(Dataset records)
—————

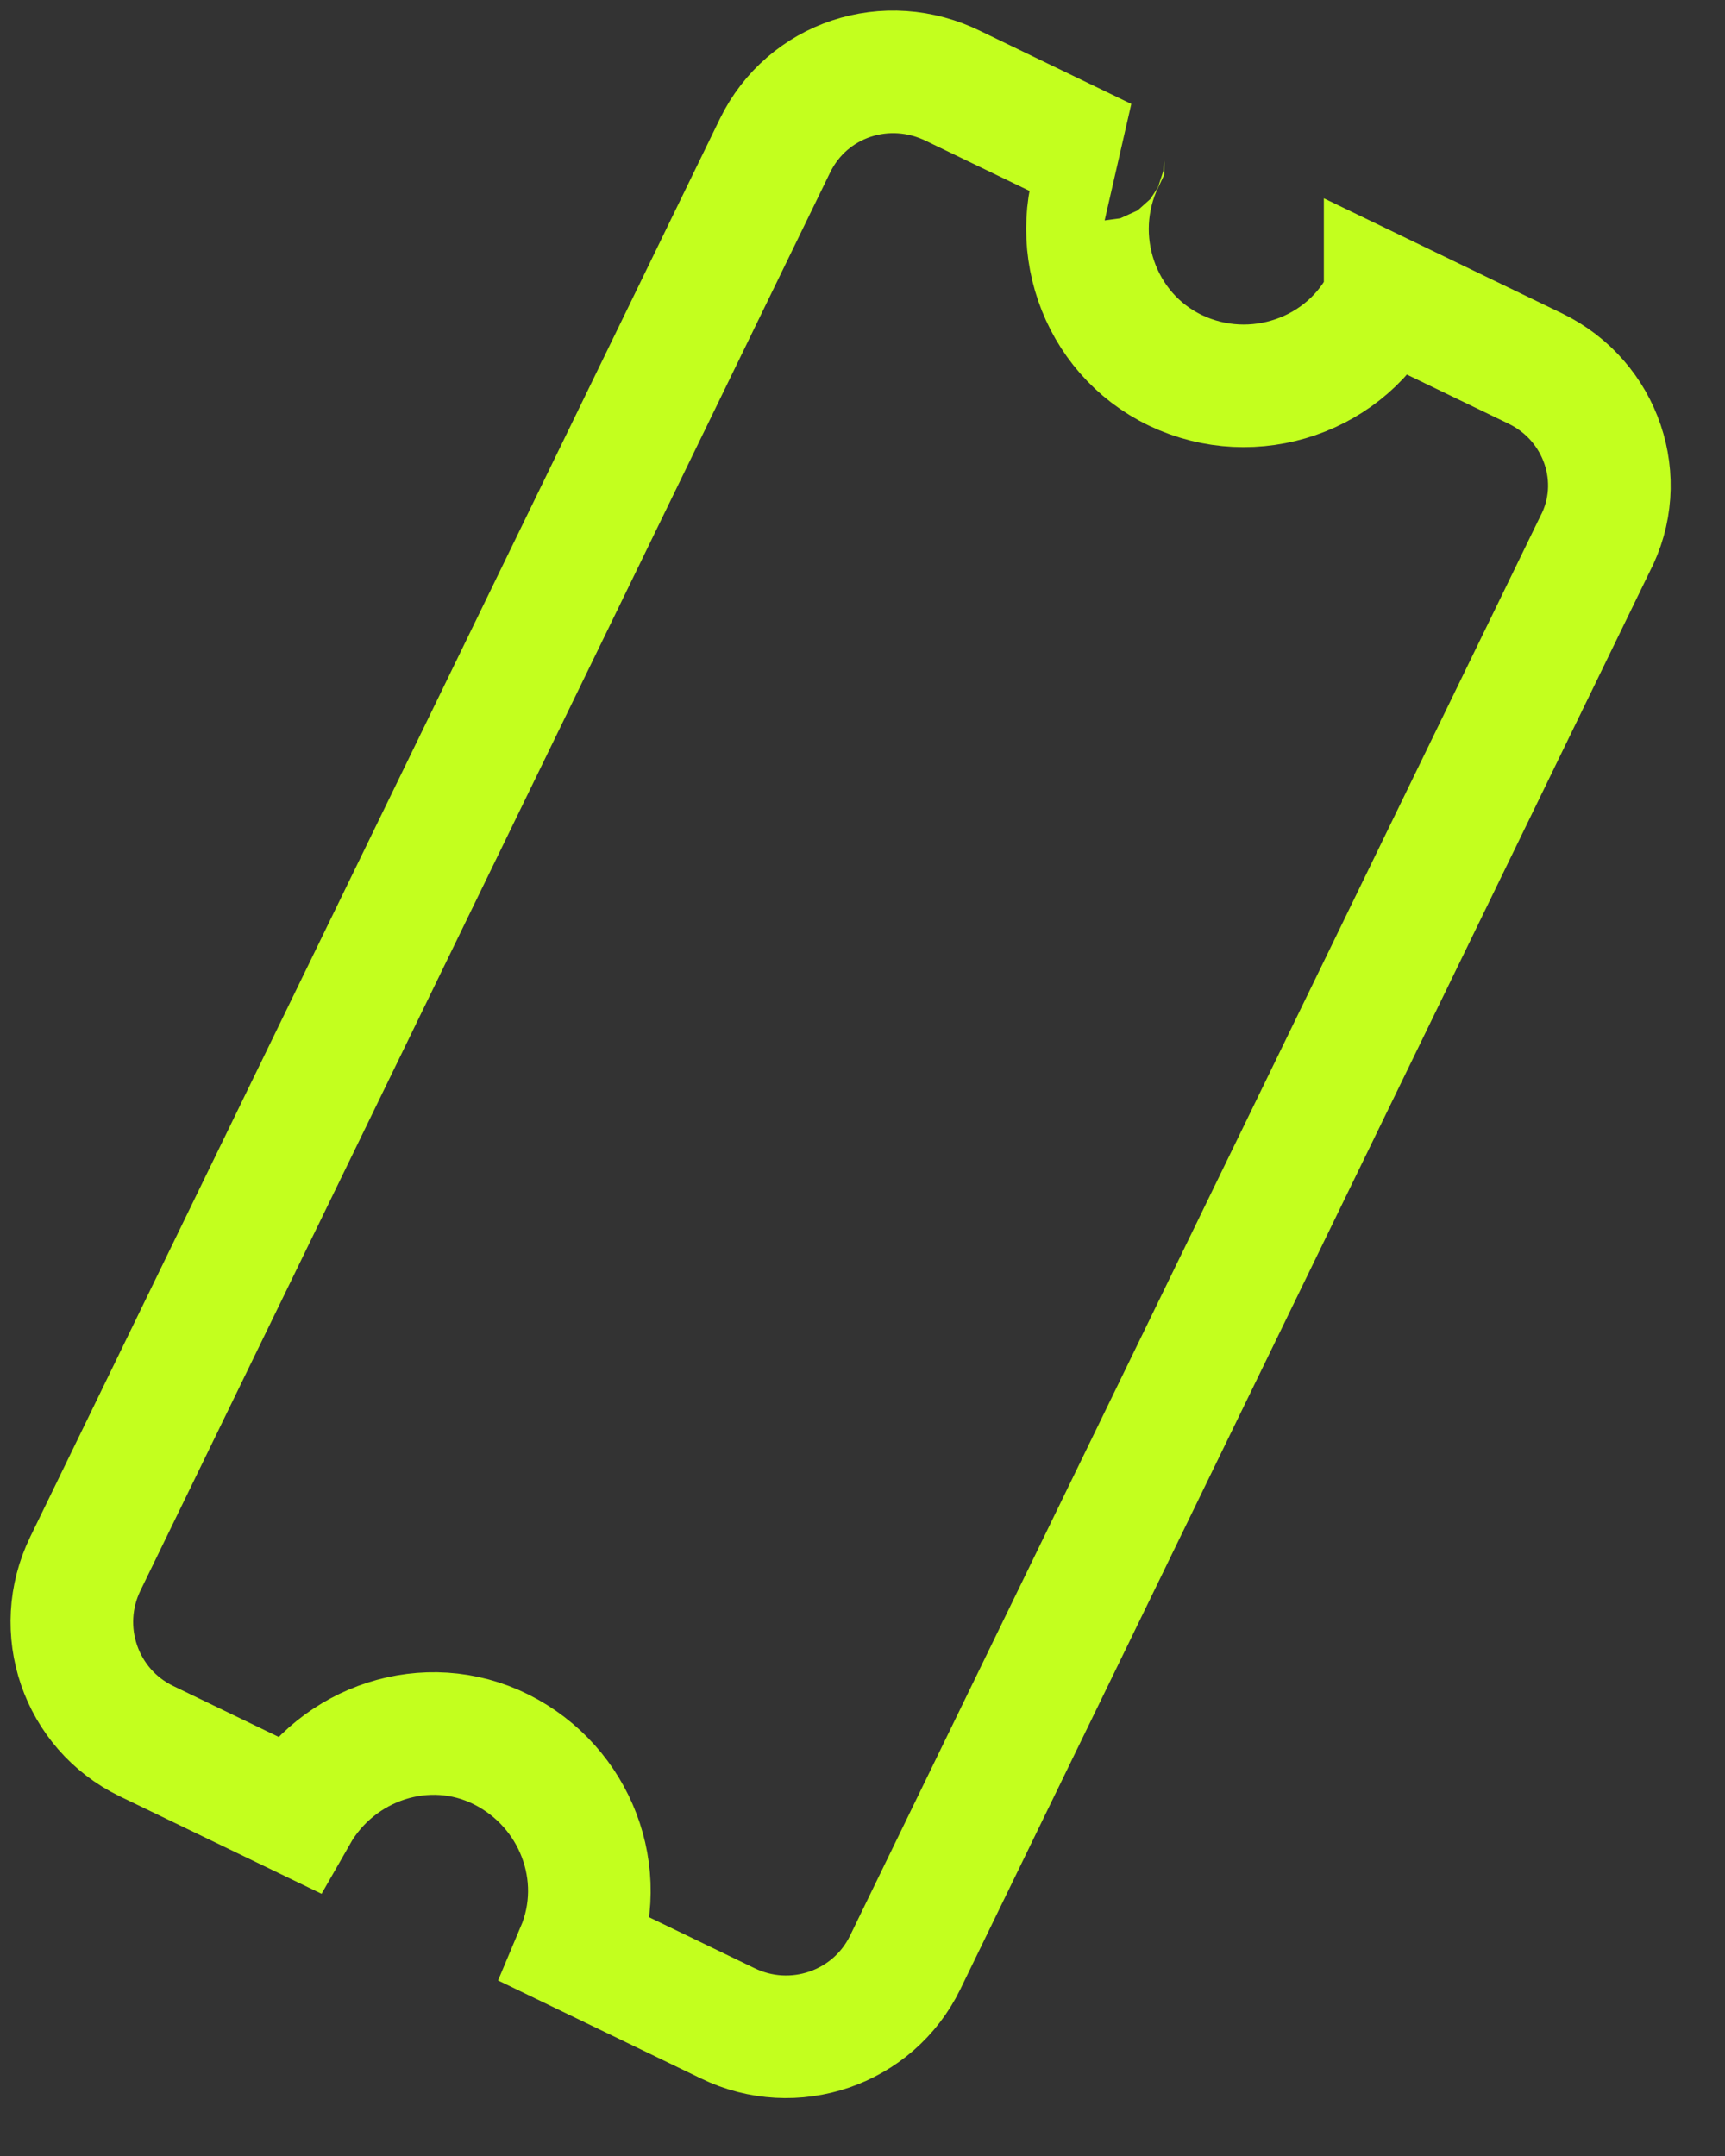 <?xml version="1.0" encoding="utf-8"?>
<svg xmlns="http://www.w3.org/2000/svg" fill="none" height="100%" overflow="visible" preserveAspectRatio="none" style="display: block;" viewBox="0 0 24 30" width="100%">
<rect x="0" y="0" width="24" height="30" fill="#333333" stroke="none"/>
<path d="M21.365 5.13L19.272 4.119V4.143C18.755 5.224 17.438 5.671 16.356 5.154C15.274 4.637 14.828 3.32 15.345 2.238C15.345 2.238 15.345 2.214 15.369 2.214L13.276 1.203C12.335 0.733 11.23 1.109 10.783 2.026L1.188 21.757C0.741 22.674 1.117 23.779 2.035 24.226L4.128 25.237C4.692 24.249 5.938 23.826 6.973 24.343C8.008 24.861 8.478 26.084 8.031 27.142L10.124 28.153C11.041 28.6 12.147 28.224 12.594 27.307L22.188 7.576C22.659 6.682 22.282 5.577 21.365 5.13Z" id="Vector" stroke="#C3FF1E" stroke-linecap="round" stroke-width="1.706"/>
</svg>

—————

#### What is needed
Check each line of the entries for the string "height". Copy the lines that have it.

#### Task result
<svg xmlns="http://www.w3.org/2000/svg" fill="none" height="100%" overflow="visible" preserveAspectRatio="none" style="display: block;" viewBox="0 0 24 30" width="100%">
<rect x="0" y="0" width="24" height="30" fill="#333333" stroke="none"/>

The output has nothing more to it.